Many of the teachers I talk with tell me that one of the things they hate most about their jobs is all of homework they have to grade. If we can eliminate the amount of papers they have to grade (we start by reducing paperwork in general), then we can free up an inordinate amount of time for personal activities.

I know that these grading ideas are revolutionary to some and counterintuitive to others, but I believe wholeheartedly that they work.

About Joel Wagner 522 Articles
Joel Wagner (@sywtt) began teaching band in 2002. Though he had a lot of information, his classes were out of control. He found himself tired, frustrated, disrespected by students, lonely, and on the brink of quitting. He had had enough. He resigned from his school district right before spring break of his second year and made it his personal mission to learn to be a great teacher. So You Want To Teach? is the ongoing story of that quest for educational excellence.
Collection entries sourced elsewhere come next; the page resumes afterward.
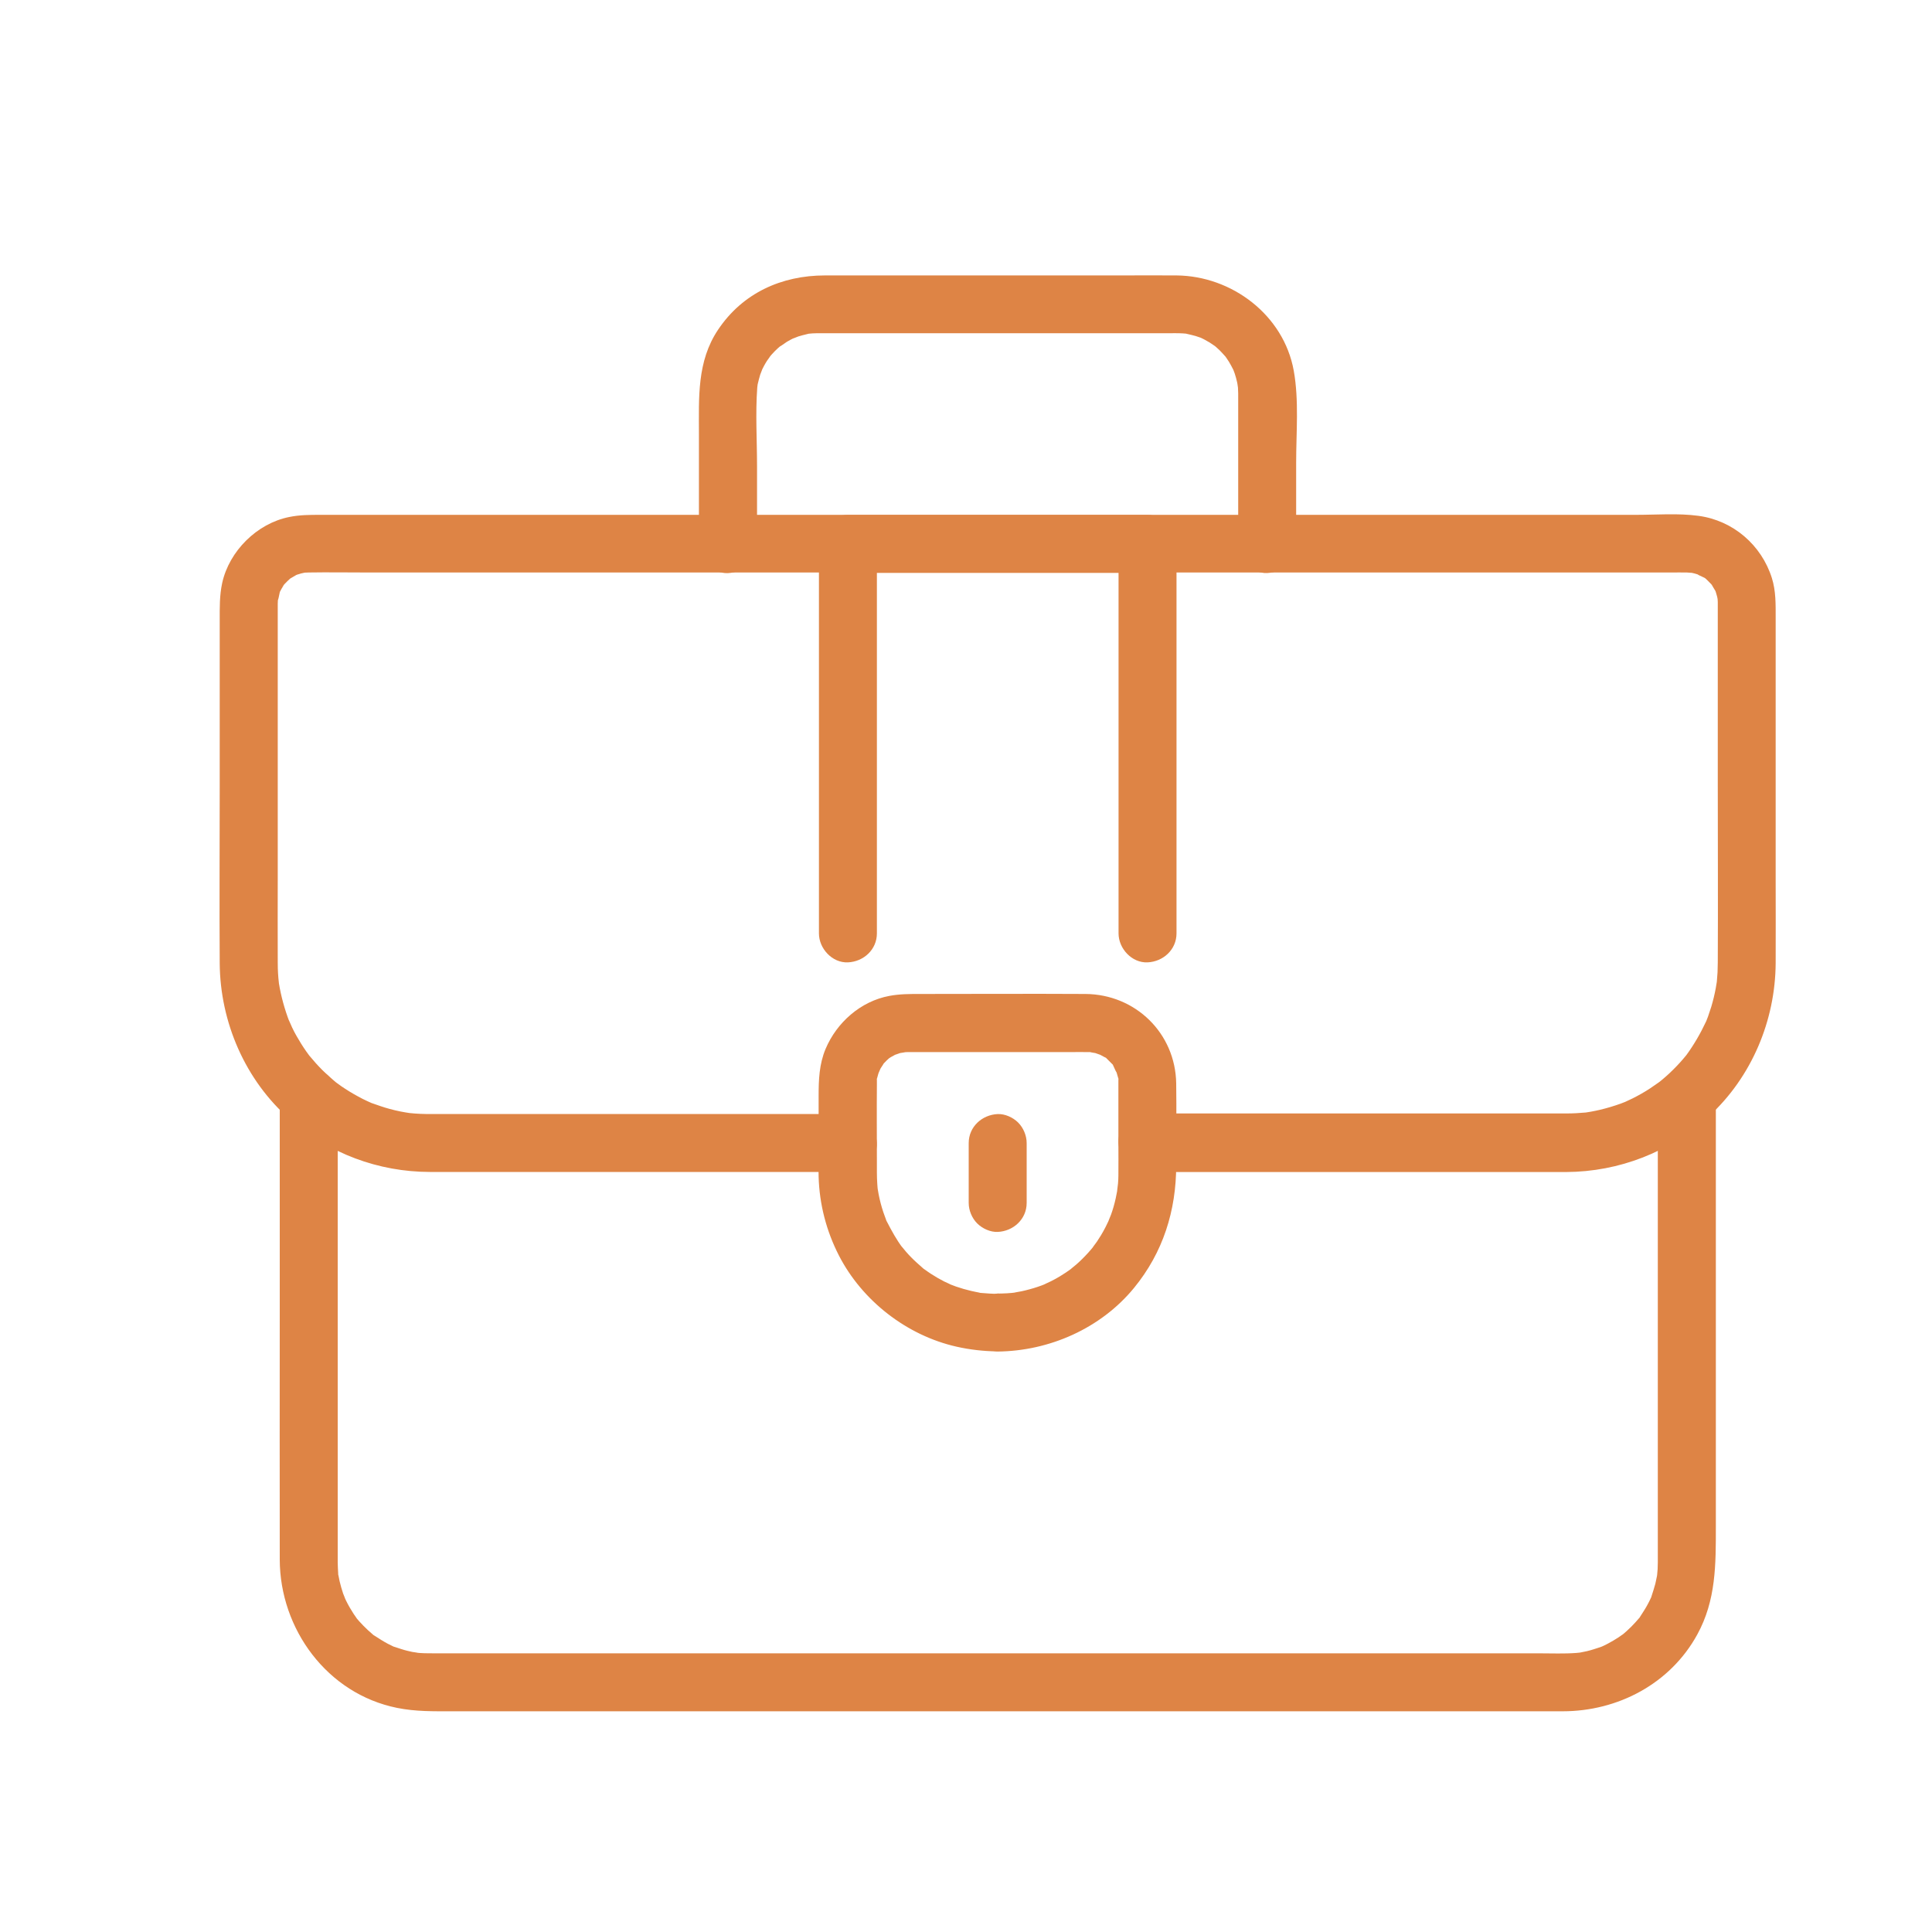 <?xml version="1.0" encoding="UTF-8"?>
<svg xmlns="http://www.w3.org/2000/svg" id="Layer_1" data-name="Layer 1" viewBox="0 0 250 250">
  <defs>
    <style>
      .cls-1 {
        fill: #de8445;
        stroke-width: 0px;
      }
    </style>
  </defs>
  <path class="cls-1" d="M97.96,70.38v-10.06c0-3.37-.22-6.82.03-10.19,0-.11.12-.82.03-.35-.08.43.03-.12.05-.17.1-.38.18-.76.3-1.13.07-.23.46-1.11.16-.49.22-.44.44-.87.71-1.29.12-.19.72-.97.27-.43.24-.29.5-.57.76-.84s.55-.52.84-.76c-.56.47.53-.33.71-.44.33-.2.67-.37,1.01-.54-.64.31.27-.09.49-.16.37-.12.75-.2,1.13-.3.69-.17.18-.05,0-.03.23-.03.46-.05.68-.06.33-.02.66-.02.99-.02,2.52,0,5.03,0,7.55,0h37.38c.66,0,1.33-.02,2,.02.17.01.34.03.51.04.6.06-.56-.12.01.02.38.09.76.17,1.14.28.21.06.42.14.63.21.05.02.55.23.16.06-.42-.19.2.11.3.16.24.13.48.26.71.4.15.09.96.66.69.45-.33-.26.09.08.13.12.16.15.32.29.48.44.27.27.52.55.77.83.38.42-.31-.46.01.01.15.23.31.45.45.68.2.33.37.66.55,1.01.19.38-.02-.09-.05-.14.08.2.16.41.23.62.12.37.23.75.31,1.13.04.16.07.33.1.5-.15-.73,0,.01.01.19.04.5.03.99.03,1.48v18.77c0,1.96,1.72,3.84,3.75,3.75s3.75-1.65,3.75-3.75v-10.56c0-3.88.38-8.03-.31-11.87-1.3-7.21-8.01-12.27-15.18-12.33-2.42-.02-4.83,0-7.25,0h-38.23c-5.61,0-10.65,2.27-13.83,7.02-2.76,4.11-2.48,8.82-2.48,13.5v14.25c0,1.96,1.72,3.84,3.75,3.75s3.75-1.65,3.75-3.75h0Z"></path>
  <path class="cls-1" d="M214.52,141.96v59.59c0,.21,0,.43,0,.64,0,.58-.03,1.16-.1,1.74.08-.71.02-.13-.01.02-.07.33-.13.66-.21.99-.14.54-.32,1.06-.49,1.6-.32,1,.2-.39-.06.18-.16.35-.33.69-.52,1.03-.26.48-.57.93-.86,1.39-.55.88.48-.5-.2.28-.14.16-.28.33-.43.49-.36.4-.75.79-1.15,1.15-.24.22-.49.43-.75.63.63-.49-.23.14-.3.18-.46.3-.93.58-1.41.83-.29.15-.59.3-.89.43.64-.28.11-.05-.03,0-.59.19-1.16.39-1.76.53-.27.06-.55.11-.83.17-.44.07-.45.07-.02.01-.17.02-.34.04-.52.05-1.57.12-3.17.05-4.75.05H56.2c-.83,0-1.66,0-2.49-.1.86.09-.24-.06-.35-.08-.22-.04-.44-.09-.66-.15-.54-.13-1.07-.32-1.6-.49-1-.32.61.34-.33-.13-.2-.1-.4-.19-.59-.29-.59-.31-1.13-.67-1.68-1.02-.88-.55.5.48-.28-.2-.21-.18-.41-.35-.61-.54-.4-.37-.78-.76-1.14-1.16-.18-.2-.36-.41-.52-.63.51.66-.13-.22-.18-.3-.36-.55-.69-1.12-.98-1.71-.1-.2-.19-.4-.28-.6.34.77-.07-.25-.11-.34-.18-.53-.33-1.07-.46-1.61-.05-.22-.09-.44-.13-.66-.23-1.06,0,.73-.05-.36-.02-.47-.06-.93-.06-1.4,0-.23,0-.46,0-.69v-59.53c0-1.96-1.72-3.84-3.75-3.75s-3.75,1.65-3.75,3.75v28.12c0,10.57-.02,21.15,0,31.73.02,9.01,6.15,17.38,15.18,19.2,2.41.49,4.77.44,7.2.44h143.63c7.14,0,13.92-3.56,17.41-9.92,2.45-4.46,2.41-9.1,2.41-13.96v-55.61c0-1.96-1.72-3.84-3.75-3.75s-3.75,1.65-3.75,3.75h0Z"></path>
  <path class="cls-1" d="M148.49,151.66h47.5c2.22,0,4.44,0,6.66,0,6.87-.03,13.45-2.59,18.51-7.24,5.5-5.06,8.57-12.36,8.61-19.8.02-3.51,0-7.01,0-10.52v-34.14c0-1.74.04-3.48-.49-5.16-1.35-4.29-5.03-7.45-9.49-8.05-2.65-.36-5.44-.13-8.1-.13-6.06,0-12.11,0-18.17,0h-26.18c-10.21,0-20.41,0-30.62,0h-60.14c-7.5,0-15,0-22.5,0-4.21,0-8.42,0-12.63,0-1.37,0-2.66,0-4.03.28-4.16.83-7.76,4.4-8.67,8.54-.35,1.61-.32,3.19-.32,4.82v21.55c0,7.61-.05,15.22,0,22.83.05,7.63,3.31,15.17,9.1,20.21,5.04,4.39,11.4,6.79,18.09,6.8s13.76,0,20.64,0h33.45c1.96,0,3.84-1.72,3.75-3.75-.09-2.03-1.65-3.75-3.75-3.75h-46.62c-2.45,0-4.89,0-7.34,0-.22,0-.44,0-.66,0-.46,0-.92-.03-1.39-.06-.23-.02-.46-.04-.68-.06-.05,0-.62-.07-.18-.02.47.06-.23-.04-.34-.06-.22-.04-.44-.08-.66-.12-.49-.1-.98-.21-1.47-.35-.75-.2-1.48-.47-2.21-.72-.67-.23-.17-.06-.02,0-.2-.09-.4-.18-.6-.27-.4-.18-.79-.38-1.17-.59-.77-.41-1.51-.87-2.23-1.36-.14-.1-.94-.69-.67-.48.36.28-.18-.15-.25-.22-.21-.18-.41-.35-.61-.53-.61-.54-1.18-1.11-1.73-1.72-.25-.28-.49-.57-.74-.86-.46-.53-.11-.13-.02,0-.16-.22-.32-.44-.48-.66-.47-.67-.9-1.36-1.3-2.07-.19-.33-.36-.67-.53-1.02-.09-.17-.63-1.47-.36-.76-.62-1.62-1.08-3.28-1.36-4.99-.1-.59.06.58,0-.02-.02-.23-.05-.46-.07-.68-.03-.4-.06-.81-.07-1.21,0-.27,0-.55-.01-.82-.02-3.68,0-7.36,0-11.04v-33.37c0-.57,0-1.14,0-1.71,0-.09,0-.18,0-.27,0-.23.01-.46.03-.7-.06.76.18-.56.24-.8.15-.55-.27.49,0-.01.07-.14.15-.29.23-.43.11-.19.23-.37.34-.55-.08.13-.48.5,0,0,.26-.27.52-.54.81-.79.42-.37-.47.28.02,0,.23-.13.47-.27.7-.41.15-.09.64-.23,0-.01.21-.07.42-.14.63-.2.16-.04.33-.07.49-.11.55-.13-.56-.03,0,0,.18,0,.36-.02.54-.02,2.45-.04,4.9,0,7.34,0h168.95c.67,0,1.33-.01,2,0,.27,0,1.04.11.37-.02.44.08.86.2,1.28.34-.66-.22.32.21.57.33.56.28.19.1.03-.02.17.13.33.28.48.43s.3.31.45.46c.04.04.35.46.11.12-.21-.29.31.56.4.71.35.59.07.16.01,0,.09.26.17.52.24.79.03.11.14.8.08.33s0,.24,0,.35c0,.07,0,.14,0,.2,0,.13,0,.25,0,.38,0,.63,0,1.25,0,1.88v21.26c0,7.64.04,15.27,0,22.91,0,.42-.01.85-.03,1.27-.02.4-.06.8-.09,1.2-.07.74-.02.17,0,.02-.04.28-.09.56-.14.84-.15.82-.35,1.64-.59,2.44-.13.42-.27.84-.42,1.26-.06.16-.12.31-.18.46-.15.41.23-.47-.07.17-.72,1.54-1.56,2.99-2.56,4.36-.34.46.36-.43-.01.01-.14.17-.28.33-.42.5-.25.29-.5.57-.76.84-.6.63-1.23,1.23-1.89,1.78-.17.14-.33.28-.5.41.54-.43.1-.07-.02,0-.36.25-.71.5-1.07.74-.73.48-1.49.91-2.27,1.3-.34.17-.69.33-1.04.49-.53.23.53-.2-.02,0-.16.06-.31.12-.46.18-.89.32-1.79.59-2.72.81-.38.09-.77.17-1.16.24-.22.04-.45.08-.67.11.15-.02.72-.07-.02,0-.81.07-1.61.12-2.42.12-.13,0-.27,0-.4,0-7.09,0-14.18,0-21.27,0h-32.6c-1.96,0-3.84,1.72-3.75,3.75.09,2.03,1.65,3.75,3.75,3.75h0Z"></path>
  <path class="cls-1" d="M129.1,167.42c-.7,0-1.39-.05-2.09-.11-1.1-.1.71.18-.36-.06-.33-.07-.67-.13-1-.21-.65-.15-1.3-.34-1.94-.56-.31-.11-.63-.23-.93-.35.77.32-.48-.25-.61-.31-.59-.3-1.16-.63-1.71-.99-.28-.18-.54-.37-.81-.56-.87-.6.52.48-.28-.22-.49-.43-.98-.86-1.44-1.33-.23-.23-.45-.47-.67-.72-.1-.11-.94-1.16-.45-.51-.8-1.06-1.42-2.2-2.03-3.38-.49-.95.22.68-.14-.32-.11-.31-.23-.63-.34-.94-.25-.75-.45-1.51-.6-2.28-.02-.1-.2-1.21-.08-.35-.05-.34-.08-.69-.1-1.03-.03-.48-.05-.95-.05-1.43,0-.45,0-.9,0-1.35,0-3.36-.03-6.73,0-10.09,0-.17,0-.35,0-.51,0-.99-.23.59.04-.34.09-.32.17-.64.28-.95-.26.77.09-.16.17-.29.06-.1.66-.96.14-.31.2-.25.42-.49.65-.71.15-.15.32-.29.48-.43-.33.26-.32.27.03.02.29-.14.56-.33.86-.46-.77.35.22-.04.34-.07.14-.04,1.17-.16.32-.1.32-.02.37-.02.69-.03.22,0,.43,0,.65,0h20.5c.7,0,1.4-.01,2.11,0,.32,0,.37,0,.69.03-.85-.06.18.06.32.1.12.03,1.1.42.34.07.3.14.57.32.86.46.83.41-.39-.46.27.18.23.22.46.45.68.68.64.66-.23-.55.18.27.08.16.59,1.34.33.57.11.32.18.63.28.95.28.93.05-.65.04.34,0,.17,0,.34,0,.51,0,.58,0,1.16,0,1.74v5.86c0,1.4.02,2.81,0,4.21,0,.35-.02.7-.05,1.05-.01.16-.21,1.56-.06.71-.14.78-.3,1.55-.52,2.31-.09.32-.2.64-.31.96-.05.14-.58,1.4-.24.65-.32.7-.67,1.39-1.07,2.05-.17.28-.35.56-.53.83-.08.12-.9,1.2-.38.56-.48.59-.99,1.16-1.54,1.7-.23.23-.47.45-.72.67-.11.1-1.16.94-.51.45-.61.46-1.25.88-1.92,1.27-.29.17-.58.32-.87.47-.13.07-1.38.63-.61.31-.72.3-1.46.55-2.22.75-.33.09-.65.17-.98.24-.15.03-1.54.27-.69.15-.81.11-1.62.14-2.43.15-1.96.02-3.84,1.71-3.75,3.75.09,2.02,1.65,3.77,3.75,3.75,6.72-.06,13.38-3,17.67-8.23,3.76-4.59,5.46-9.99,5.46-15.88,0-3.53.05-7.06,0-10.59-.1-6.5-5.28-11.53-11.75-11.57-7.16-.04-14.31,0-21.47,0-1.32,0-2.58,0-3.9.25-3.71.69-6.81,3.44-8.25,6.86-.83,1.98-.9,4.01-.9,6.11v6.28c0,1.38-.03,2.77,0,4.15.1,3.56,1,7.02,2.62,10.18,3.01,5.87,8.79,10.36,15.23,11.81,1.72.39,3.51.59,5.28.61,1.96.02,3.84-1.74,3.75-3.75-.09-2.05-1.65-3.73-3.75-3.75Z"></path>
  <path class="cls-1" d="M125.35,147.91v7.75c0,.96.42,1.97,1.1,2.65s1.72,1.14,2.65,1.1c2.03-.09,3.75-1.65,3.75-3.75v-7.75c0-.96-.42-1.97-1.1-2.65s-1.72-1.14-2.65-1.1c-2.03.09-3.75,1.65-3.75,3.75h0Z"></path>
  <path class="cls-1" d="M113.47,120.78v-50.4l-3.75,3.75h38.77l-3.75-3.75v50.4c0,1.96,1.72,3.84,3.75,3.75s3.75-1.65,3.75-3.75v-50.4c0-2.03-1.72-3.75-3.75-3.75h-38.77c-2.03,0-3.75,1.72-3.75,3.75v50.4c0,1.96,1.72,3.84,3.75,3.75s3.75-1.65,3.75-3.75h0Z"></path>
</svg>

2 Comments on Less Stress: Work Only At Work

  1. I used to put kids in groups of 4 and let them come up with a group name. Then they would go over homework together and turn in one group paper. Then groups would switch papers and we would grade them together as a class. That whole group got the same grade. The group would get points according to the group grade (9 points for 90s etc.) and at the end of the month, the group with the highest points won a prize. For each person that didn’t have their homework, the group lost 2 points each so peer pressure encouraged kids to have their homework. The kids loved it and I loved it because I didn’t have to grade those papers!

  2. Great! I love these comments. As a band director, it’s hard for me to know whether or not the ideas I have would translate well into a normal classroom setting. It’s encouraging to know that “normal” classroom teachers think they would! Thank you!